In doing a lot of automated webinars, we've found that the actual webinar tool, the automated webinar functionality, is cumbersome. It's hard to set up and really, you don't need that tool. You can just have a collection of four pages and a countdown that actually moves people one to the next and that's something that maps to your domain.
Fill In The Blank Email Scripts
One of the biggest drawbacks in terms of time in CRMs is the ability to write email copy, but we did and some of the inspiration behind putting it into a CRM itself is because if we're writing the copy, we might as well be sending it for clients as well.
There are 25 internal email sequences, a total of 83 emails to promote physical products, digital products, webinars, webinar replays, consultative sale sessions, all that kind of stuff. Then there's over 700 emails pre-written for affiliate sequences. So, there's 20 different niches for affiliates that ... All of that, you ... It's already pre-written. You go through, fill out a little form. It drops it into the email and then you can schedule and automatic from there. So, it's fill in the blank forms, email sequences done in minutes. I'll show you this in a little bit.
The best niches for email automation.
So, we've done a lot of work in the service agency like marketing consulting, all of that.
The biggest thing with the service agency is somebody's coming to you to solve a problem. So, that problem, if you can deliver the content and bond and nurture, then that problem ... The better they like you, the more readily they will call and ask for services. Banking works really well. Manufacturing ... Even though from a email marketing automation piece ... Lead acquisition isn't great in manufacturing. We have a couple local manufacturing clients and it's difficult to get a high-end enterprise multi-million dollar company to fill out an email form on a website. They will do it but oftentimes, they just call somebody. They call the sales rep or they call somebody at the company and say, "Hey, do you make stainless steel widgets?" And the company says yes and say, "Okay, here's a quote.

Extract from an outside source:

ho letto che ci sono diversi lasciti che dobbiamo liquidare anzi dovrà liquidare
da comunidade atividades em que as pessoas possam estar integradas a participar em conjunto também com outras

What we have found from an email automation standpoint is it's much more intuitive to start using CRM marketing automation in the bidding process or the bidding or the proposal process. So, being able to send a document out in an email and then automatically reply saying is the price too high, is it too low, that kind of thing. So, it's all stuff we're working on from a manufacturing standpoint. Legal's another one. Legal and law, another great place for email automation. We have a lot of real estate clients who use marketing automation, both for sellers and buyers. For people who are selling their property, whether it's a distressed homeowner or it was something that was willed to them or whatever. So, in different geographic areas around the country. And then also buyers are investors. So, people who ... they have the capital and they want to invest it in real estate but they don't necessarily have ... they're not sourcing properties themselves. So, two different sides of the same coin, but automation works really well.
Small and medium business always need solutions for marketing. E-commerce is another one. So, if you have a Shopify store set up, Shopify itself has pretty weak email marketing. They have some shopping cart abandonment and stuff in there, which is kind of cool, but it's difficult to do too much from an email prospecting side with physical products with the exception of discount codes and a lot of the physical product companies who are more content-heavy. They put out a lot of videos whether it's Instagram or Facebook and it's a little bit easier to drive prospect email list and then convert them into buyers. Insurance is another one, business services. Kind of goes with the service agency. Online education and traditional education also work great for email automation and crm marketing.